C'était un sondage de Ouinon en 2007 : tenez vous compte de la météo (les prédictions) quand vous vous habillez le matin et faites-vous attention à  la météo (le temps qu'il fait) le reste de la journée ? Comme je le raconte en commentaire, c'était rarement mon cas quand, en bon urbain, je m'engouffrais dans mon bus pour ne plus pointer le nez dehors de la journée ou presque. La météo des vacances, tout ça, c'était les affaires des gens sérieux. Et l'alternance des saisons, c'est à  peine si je la remarquais. Tout a changé quand mon stage en exploitation agricole m'a fait réaliser l'importe du rythme de la nature. Mon cas n'est pas isolé mais je suppose que la majorité des Français s'intéresse à  la météo et parle du temps qu'il fait pour ne pas parler du temps qui passe (comme le dit un personnage du "Fabuleux destin d'Amélie Poulin").

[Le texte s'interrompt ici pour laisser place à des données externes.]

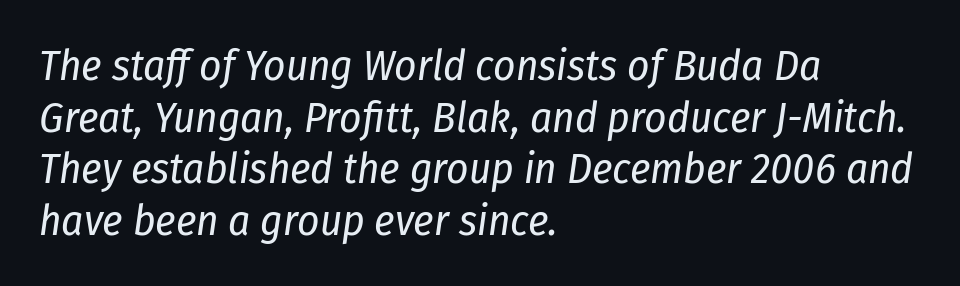
Q: Is the text bold? A: No.
Q: Is the text italic (slanted)? A: Yes, it leans right by about 8 degrees.
Q: Is the text underlined? A: No.
Q: How is the paragraph aligned? A: Left-aligned.
Q: Is the spacing between letters normal or unusually wide? A: Normal.
Q: Width (condensed, normal, or wide)? A: Condensed.
Q: Stroke contrast? A: Low.
Q: x-height? A: Medium.
Q: Monospaced? A: No.
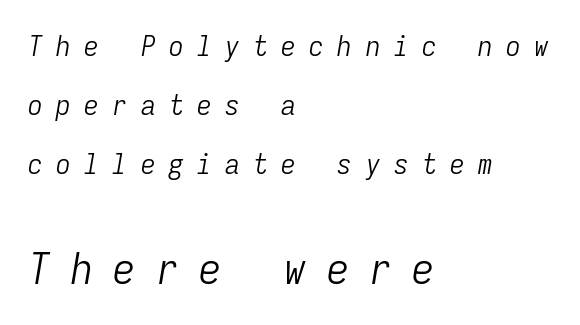
The image shows 44 px light, condensed type, italic (leaning right), monospaced; set left-aligned, loose line spacing (2.04x), unusually wide letter spacing (+0.47 em), not underlined; the second (bottom) block is 1.52x larger; low stroke contrast and a medium x-height.
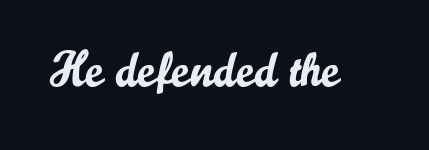
{"serif": "no", "width": "normal", "stroke_contrast": "low", "x_height": "small", "monospaced": "no", "underline": "no", "letter_spacing": "normal", "letter_spacing_em": 0.0, "glyph_px": 49}
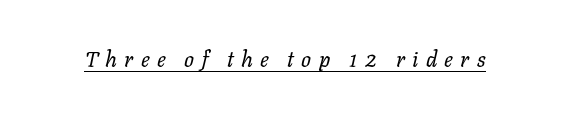
The image shows 22 px text type, italic (leaning right); set unusually wide letter spacing (+0.33 em), underlined.
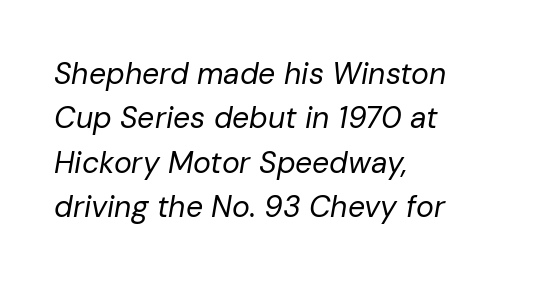
The image shows 30 px regular-weight type, italic (leaning right); set left-aligned, normal line spacing (1.48x), normal letter spacing, not underlined; low stroke contrast and a medium x-height.
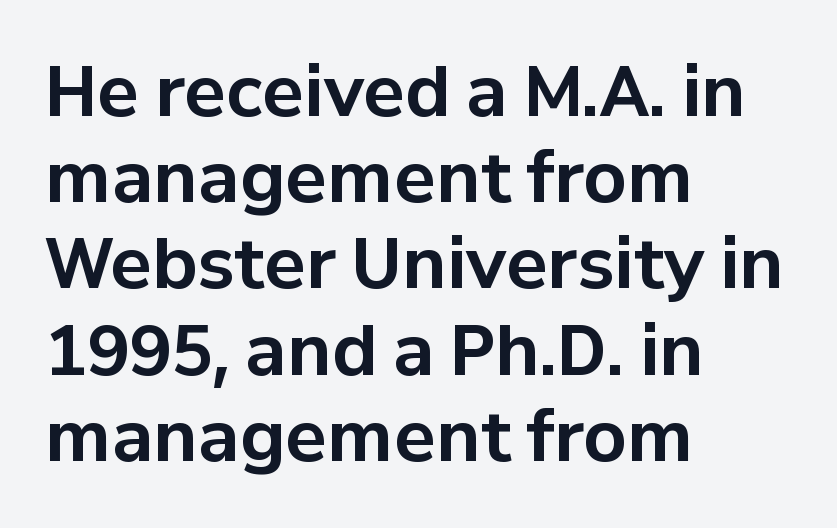
Strokes here are thick enough to call this a true bold. Style check: upright. Looks like regular typesetting: each glyph gets only the width it needs. Every row of glyphs begins at an identical x-position on the left.
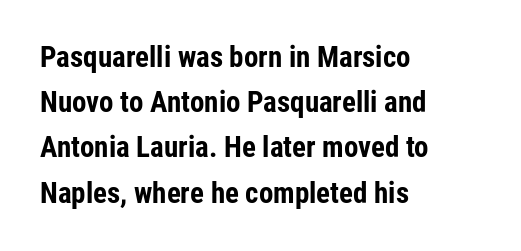
Q: Is the text bold? A: Yes.
Q: Is the text italic (slanted)? A: No, it is upright.
Q: Is the typeface a serif or a sans-serif typeface? A: Sans-serif.
Q: Is the text underlined? A: No.
Q: How is the paragraph aligned? A: Left-aligned.
Q: Is the spacing between letters normal or unusually wide? A: Normal.
Q: Is the spacing between lines tight, normal or loose? A: Normal.
Q: Width (condensed, normal, or wide)? A: Condensed.
Q: Stroke contrast? A: Low.
Q: x-height? A: Medium.
Q: Monospaced? A: No.

Mais voilà . Comme dans ce film, les discussions météorologiques sont souvent réduites à  des commentaires de comptoir : ils se sont encore trompés, le temps se dérègle et, de plus en plus, c'est encore le réchauffement de la planète. Les scientifiques en parlent comme d'un cortège d'idées reçues, parfois justifiées, le plus souvent erronées[1]. Il y a finalement beaucoup de mépris dans cette attitude des scientifiques ou experts qui eux "savent" que le temps d'aujourd'hui n'est pas le temps des saisons et encore moins des siècles, eux qui préfèrent parler de "tendance" ou de "moyenne". Pour les sociologues des sciences, c'est l'importance cruciale des réseaux sociotechniques qui explique, par exemple, que seuls les experts patentés reliés au réseau terrestre des stations météorologique ont voix au chapitre pour parler du temps qu'il fera. Le savoir d'expérience de l'agriculteur qui, d'un coup d'oeil exercé, estime qu'il n'est pas prudent de semer ou de récolter parce que le temps est incertain, est devenu un genre mineur, au mieux un objet folklorique[2].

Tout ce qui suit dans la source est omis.